Holiday

I used to work for a company that offered overtime on holidays, including New Year’s Day. While the extra money is nice, I hate working on days when normies are off. Everyone is so relaxed and cool or hungover and miserable (which is great if you don’t have anything to do) while I’m rushing to be somewhere. Fuck calendars—holidays are only holidays if they feel like holidays.

The office was just south of Times Square, on West 39th Street. It’s a weird place to be during the off-hours. Times Square can really be deserted on certain nights in the early morning, which was when I would oftentimes have to work. No crowds, no ragged Elmos. I remember walking once from a freelance job to the office through Times Square around 2 a.m. It was quiet, aurally, but the lights were so garish. Your ears are deadened, but your eyes are alive.

Another night, around the same time, I saw clouds of smoke rising from the street. They floated past a neon sign that turned the smoke bright blue. I would’ve taken a picture, but I hardly ever do that in my own city to avoid looking like a tourist. Because after only seven years and one mugging, I’m still trying to convince myself that I’m a local.

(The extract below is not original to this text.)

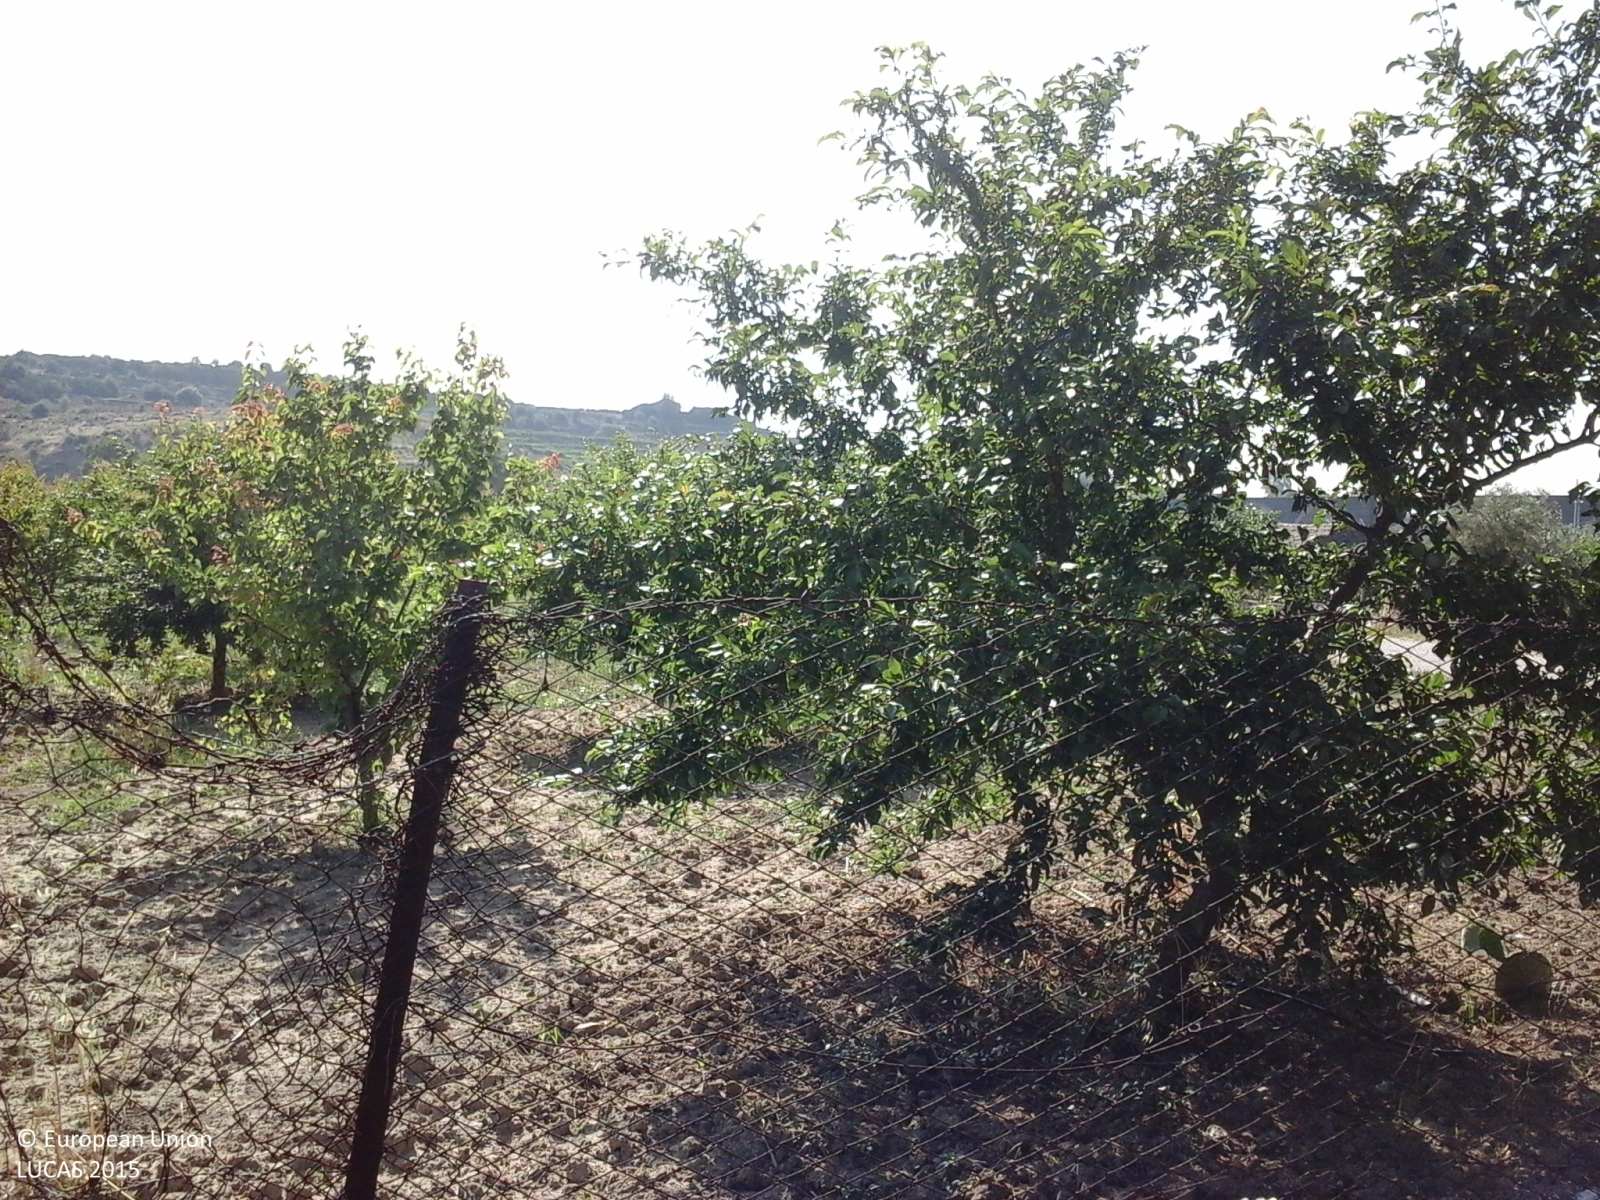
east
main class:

Things are a little different on holidays and I like that. On New Year’s Day, if you get up early enough, you can see the streets getting cleaned; I never did, but you can if you want to. Sanitation is pretty much done and gone before the morning light, but at 8 a.m. you can still see stray specks of confetti glittering on the concrete, maybe a pigeon pecking at vomit nearby. Most of New York is still waking up (it’s a holiday, after all), but those few confetti bits will soon be coated with dirt, the unrecognizable trash of the city street. You wouldn’t know it to look at them, but they worked hard last night.